Ох, женщины, женщины! Будь ты хоть трижды истинной царицей, а все равно баба. Да, правильно сказал в свое время князь Воротынский (повторять не буду, чтобы язык не осквернять), я это, конечно, не во время разговора с Мариной понял, а лет за пятьдесят до этого.
«Какая-нибудь любви не помеха», — чуть было не сорвалось с моего языка, но я вовремя сдержался, рассудив, что женщина, да еще в таком состоянии, может не оценить глубины этой мысли и вместо успокоения впасть в еще большее расстройство, не дай Бог, зарыдать, так что я принялся увещевать Марину ее же словами:
— Димитрий столько пережил за это время, столько передумал, что неудивительно, что сердце его охладело, но ты своей любовью...
В ответ Марина разразилась слезами. Я поспешно покинул комнату — на сегодня достаточно!
Сколько раз я наступал на одни и те же грабли — не счесть! Вслушался бы внимательнее в прощальные слова Димитрия, спросил бы, что за встреча знаменательная ждет нас поутру— духу бы моего не было в Тушине тем же вечером. Ан не вслушался, остался, сел пировать — больно уж хотелось мне поближе познакомиться с князем Рожинским, все ж такиТеди-минович и какой-никакой, а родственник. В результате пришлось на следующий день со всей присущей мне сердечностью приветствовать митрополита ярославского и ростовского Филарета, сиречь окаянного Федьку Романова. И потом еще долгие часы сидеть с ним бок о бок за столом пиршественным, выслушивать его побасенки. Рассказывал он о своих приключениях живо и смешно, так что я невольно улыбался, а то и хохотал в голос и оттого злился на себя еще больше.

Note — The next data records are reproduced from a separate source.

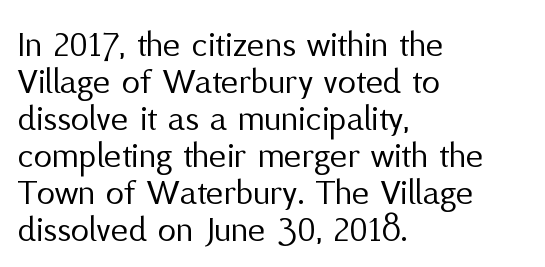
Q: Is the text bold? A: No.
Q: Is the text italic (slanted)? A: No, it is upright.
Q: Is the typeface a serif or a sans-serif typeface? A: Sans-serif.
Q: Is the text underlined? A: No.
Q: How is the paragraph aligned? A: Left-aligned.
Q: Is the spacing between letters normal or unusually wide? A: Normal.
Q: Is the spacing between lines tight, normal or loose? A: Tight.
Q: Width (condensed, normal, or wide)? A: Normal.
Q: Stroke contrast? A: Medium.
Q: x-height? A: Medium.
Q: Monospaced? A: No.
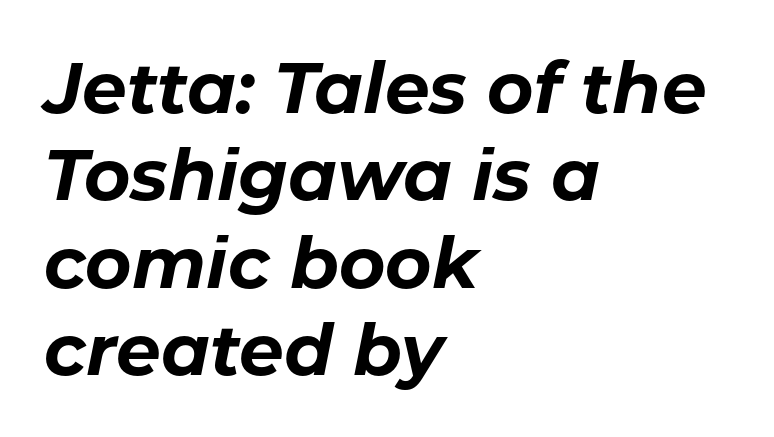
{"italic": "yes", "lean": "right", "slant_degrees": 11, "bold": "yes", "weight": "bold", "width": "normal", "stroke_contrast": "low", "x_height": "medium", "monospaced": "no", "underline": "no", "align": "left", "line_spacing_ratio": 1.23, "letter_spacing": "normal", "letter_spacing_em": 0.0, "glyph_px": 71}
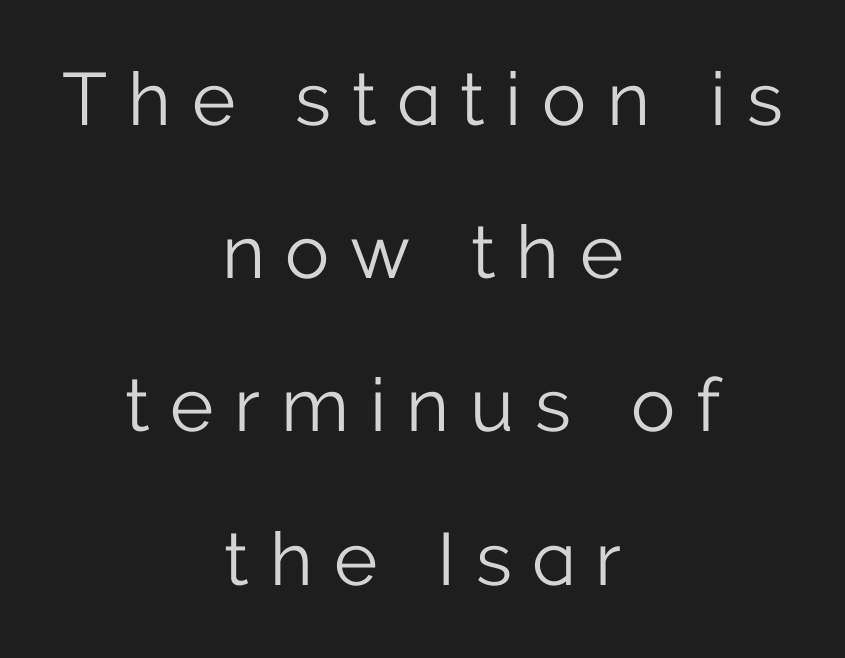
Q: Is the text bold? A: No.
Q: Is the text italic (slanted)? A: No, it is upright.
Q: Is the typeface a serif or a sans-serif typeface? A: Sans-serif.
Q: Is the text underlined? A: No.
Q: How is the paragraph aligned? A: Centered.
Q: Is the spacing between letters normal or unusually wide? A: Unusually wide.
Q: Is the spacing between lines tight, normal or loose? A: Loose.
Q: Width (condensed, normal, or wide)? A: Normal.
Q: Stroke contrast? A: Low.
Q: x-height? A: Medium.
Q: Monospaced? A: No.
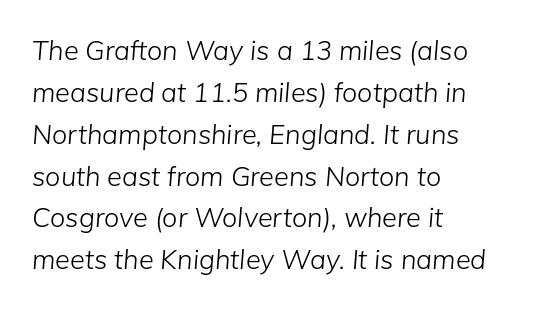
Designer's note — italics engaged. Standard letterfit; no display-style spreading of the glyphs. On a weight scale, this lands at 450 or below. Check the space under the baseline: it is left empty.
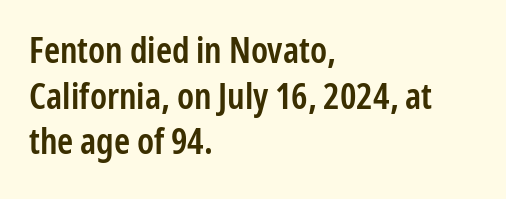
This sample has the flowing, uneven cadence of proportional lettering. Line starts are locked; line ends wander. A typesetter would mark this as roman, not italic. The letters are semibold — heavier than regular but short of a full bold. Reading down the column, the eye jumps a familiar distance to each next line.
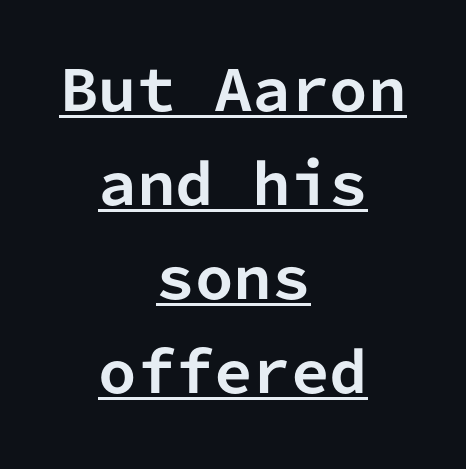
{"serif": "no", "italic": "no", "bold": "yes", "weight": "bold", "width": "normal", "stroke_contrast": "low", "x_height": "medium", "monospaced": "yes", "underline": "yes", "align": "center", "line_spacing_ratio": 1.71, "letter_spacing": "normal", "letter_spacing_em": 0.0, "glyph_px": 55}
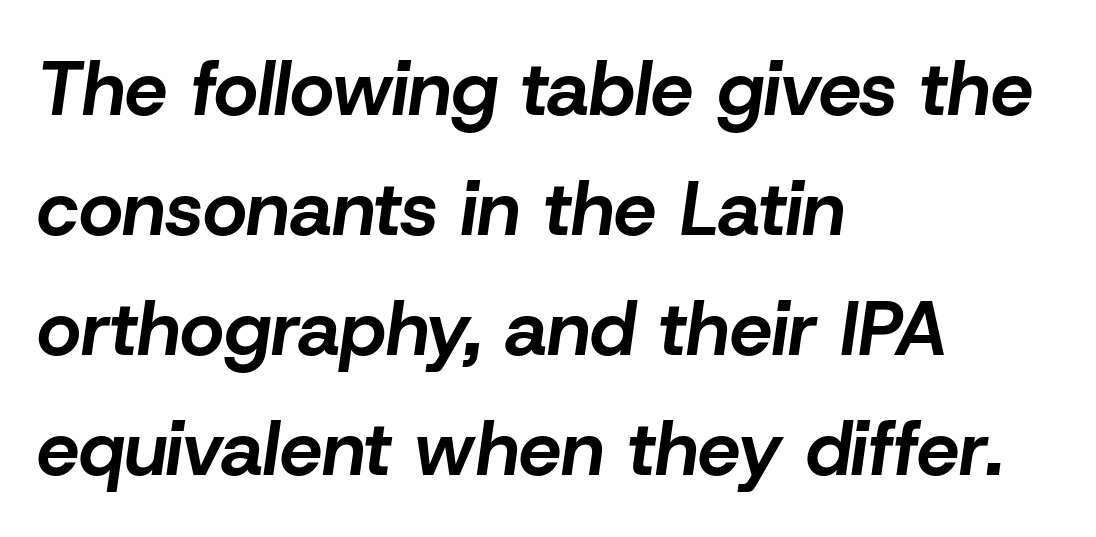
{"italic": "yes", "lean": "right", "slant_degrees": 8, "bold": "yes", "weight": "bold", "width": "normal", "stroke_contrast": "low", "x_height": "medium", "monospaced": "no", "underline": "no", "align": "left", "line_spacing": "normal", "line_spacing_ratio": 1.58, "letter_spacing": "normal", "letter_spacing_em": 0.0, "glyph_px": 76}
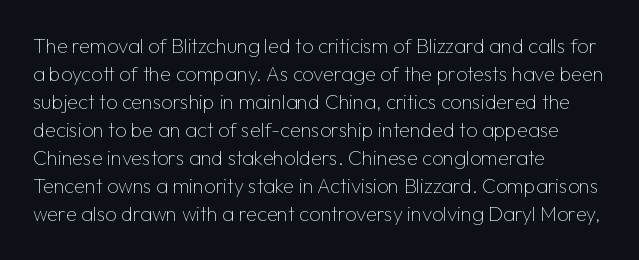
The image shows 20 px text type, upright; set left-aligned, normal line spacing (1.4x), normal letter spacing, not underlined.
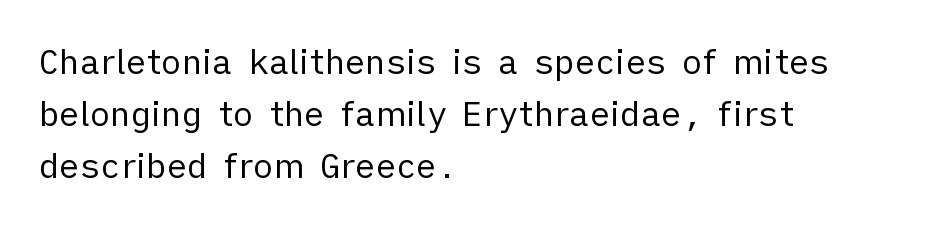
Q: Is the text bold? A: No.
Q: Is the text italic (slanted)? A: No, it is upright.
Q: Is the typeface a serif or a sans-serif typeface? A: Sans-serif.
Q: Is the text underlined? A: No.
Q: How is the paragraph aligned? A: Left-aligned.
Q: Is the spacing between letters normal or unusually wide? A: Normal.
Q: Is the spacing between lines tight, normal or loose? A: Normal.
Q: Width (condensed, normal, or wide)? A: Normal.
Q: Stroke contrast? A: Low.
Q: x-height? A: Medium.
Q: Monospaced? A: No.
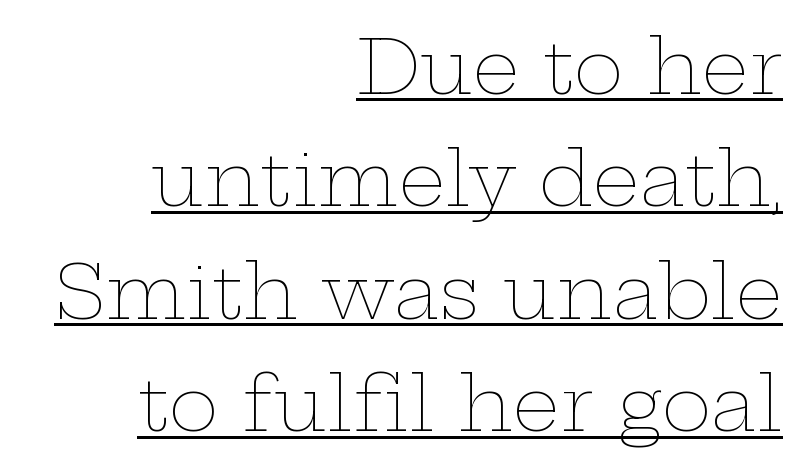
Character widths vary here, with narrow letters taking less room than wide ones. These lines were composed using upright roman letters. This reads as an unemphasized weight, regular at the heaviest. The gaps between neighbouring characters are ordinary and unremarkable.
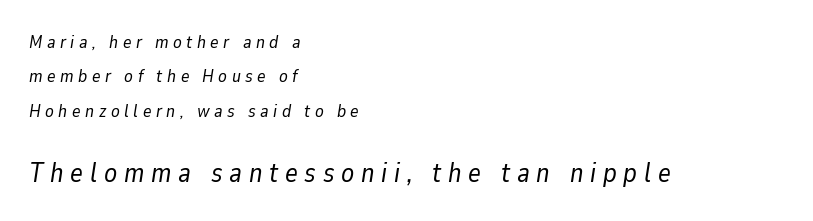
The image shows 27 px text type, italic (leaning right); set left-aligned, loose line spacing (1.91x), unusually wide letter spacing (+0.25 em), not underlined; the second (bottom) block is 1.5x larger.
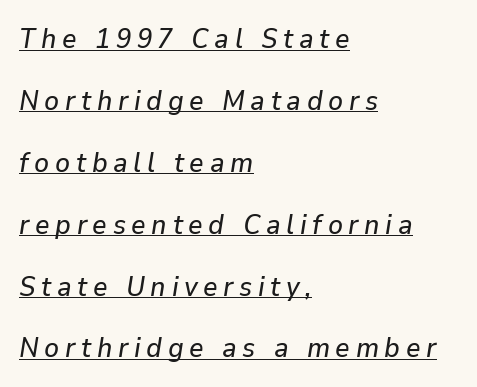
{"italic": "yes", "lean": "right", "slant_degrees": 9, "width": "normal", "stroke_contrast": "low", "x_height": "medium", "monospaced": "no", "underline": "yes", "align": "left", "line_spacing": "loose", "line_spacing_ratio": 2.21, "letter_spacing": "wide", "letter_spacing_em": 0.2, "glyph_px": 28}
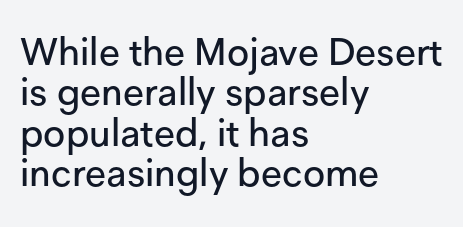
Q: Is the text italic (slanted)? A: No, it is upright.
Q: Is the typeface a serif or a sans-serif typeface? A: Sans-serif.
Q: Is the text underlined? A: No.
Q: How is the paragraph aligned? A: Left-aligned.
Q: Is the spacing between letters normal or unusually wide? A: Normal.
Q: Is the spacing between lines tight, normal or loose? A: Tight.
Q: Width (condensed, normal, or wide)? A: Normal.
Q: Stroke contrast? A: Low.
Q: x-height? A: Medium.
Q: Monospaced? A: No.
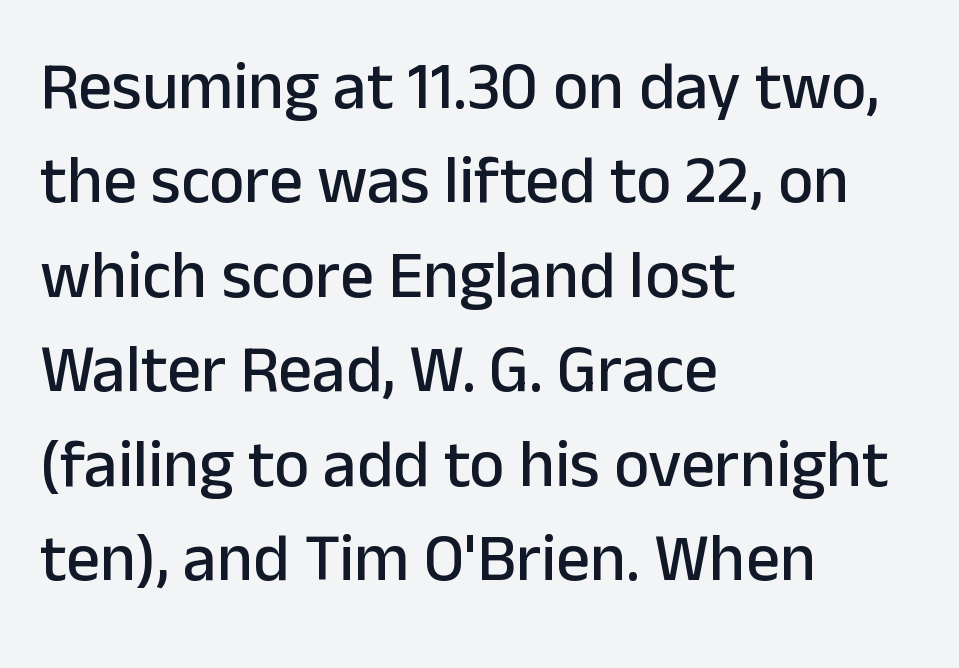
Q: Is the text italic (slanted)? A: No, it is upright.
Q: Is the typeface a serif or a sans-serif typeface? A: Sans-serif.
Q: Is the text underlined? A: No.
Q: How is the paragraph aligned? A: Left-aligned.
Q: Is the spacing between letters normal or unusually wide? A: Normal.
Q: Is the spacing between lines tight, normal or loose? A: Normal.
Q: Width (condensed, normal, or wide)? A: Normal.
Q: Stroke contrast? A: Low.
Q: x-height? A: Medium.
Q: Monospaced? A: No.
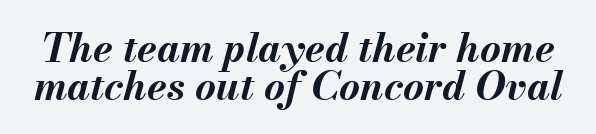
{"italic": "yes", "lean": "right", "slant_degrees": 13, "bold": "yes", "weight": "bold", "width": "normal", "stroke_contrast": "medium", "x_height": "small", "monospaced": "no", "underline": "no", "line_spacing": "tight", "line_spacing_ratio": 0.96, "letter_spacing": "normal", "letter_spacing_em": 0.0, "glyph_px": 40}
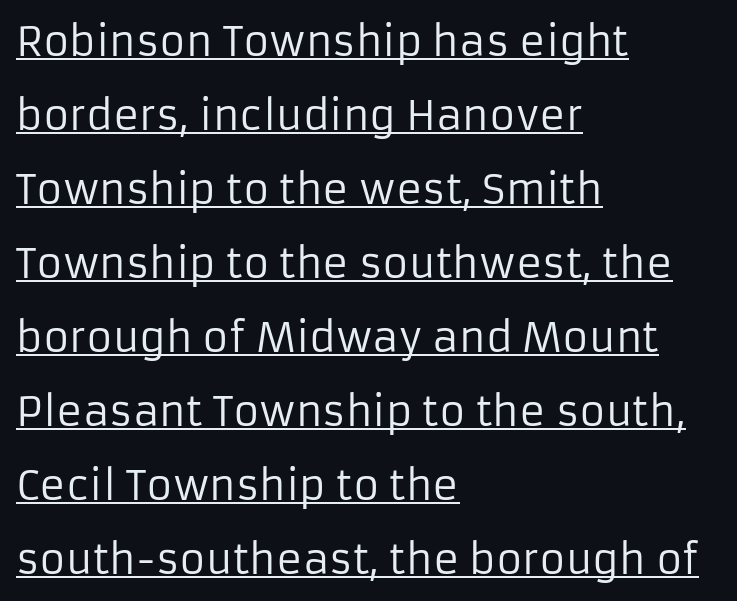
{"serif": "no", "italic": "no", "bold": "no", "weight": "regular", "width": "normal", "stroke_contrast": "low", "x_height": "medium", "monospaced": "no", "underline": "yes", "align": "left", "line_spacing_ratio": 1.85, "letter_spacing": "normal", "letter_spacing_em": 0.0, "glyph_px": 40}

Со слов Федора выходило, что он навострился к Димитрию, едва тот обосновался в Тушине, но жители ростовские
так его возлюбили, что не желали отпускать из города ни под какими предлогами. Уверовали они, что только молитвами митрополита их город спасается от разорения войны междоусобной. И так они своего заступника пред Господом берегли, что денно и нощно ходили дозором вокруг двора митрополичьего. Одна надежда у Федора оставалась — на поляков, прознав, что Петр Сапега с большим отрядом движется к Троице, Федор отправил к нему тайного гонца со слезной мольбой о вызволении из пленения ростовского. Сапега не преминул откликнуться на призыв любимого дяди царя, как упорно именовал себя Федор, оттирая в сторону Нагих. По дороге Сапега взял Переславль, точнее говоря, горожане сами с готовностью распахнули свои ворота перед отрядами Димитрия и вновь присягнули любимому царю, когда же узнали, куда держит путь Сапега, то с восторгом влились в его войско — переславцы с ростовскими испокон веку на ножах, вот только никто не помнит, из-за чего. Узнав о приближении поляков, Федор возликовал, вещи упаковал, хлеб-соль приготовил, да и жители ростовские, завидев головной отряд поляков со знаменем Димитрия, широко распахнули ворота, но тут какой-то глазастый выглядел бредущую следом толпу переславцев с вилами да топорами, ворота закрыли и бревном заложили. Никакие увещевания Федора изнутри и Сапеги снаружи не сломили упорства ростовчан. Пришлось Сапеге устраивать форменный штурм города. Сберегая своих воинов, он пустил вперед переславцев, невольных виновников всей этой неразберихи, от этого остервенение битвы только возросло. Но пуще стен жители ростовские берегли главную свою святыню — митрополита Филарета и, окруженные врагами со всех сторон, увлекли его в храм Успения и там заперлись, угрожая взорвать себя вместе с храмом. Что непременно бы и случилось, если бы Федор не окропил вовремя порох святой водой, по два кувшина на бочку. Но Федор все же едва не пострадал за веру, когда ворвавшиеся в храм поляки стали вырывать его из рук православных. Слава Богу, отделался изодранными в клочья клобуком, ризой драгоценной и епитрахилью. Тут уж было не до боярской спеси, оделся в то, что добрые люди дали, —
татарскую меховую шапку, крестьянский армяк да казацкие, латаные-перелатаные сапоги, запрыгнул в первую попавшуюся телегу и поспешил в Тушино, к своему возлюбленному Димитрию.
Сей красочный рассказ Димитрий не мог оставить без ответа, а подвиг — без награды.
— За Патриарха Московского и Всея Руси, преосвященного Филарета! — возгласил он, подняв кубок с вином.
Я нисколько не удивился, я уж давно смекнул, к чему дело клонится. Но одна неясность все же оставалась, и, когда стихли долгие громкие здравицы, я наклонился к Федору и тихо спросил: «Зачем идешь на это, Федор Никитич? Ведь это же не* законно».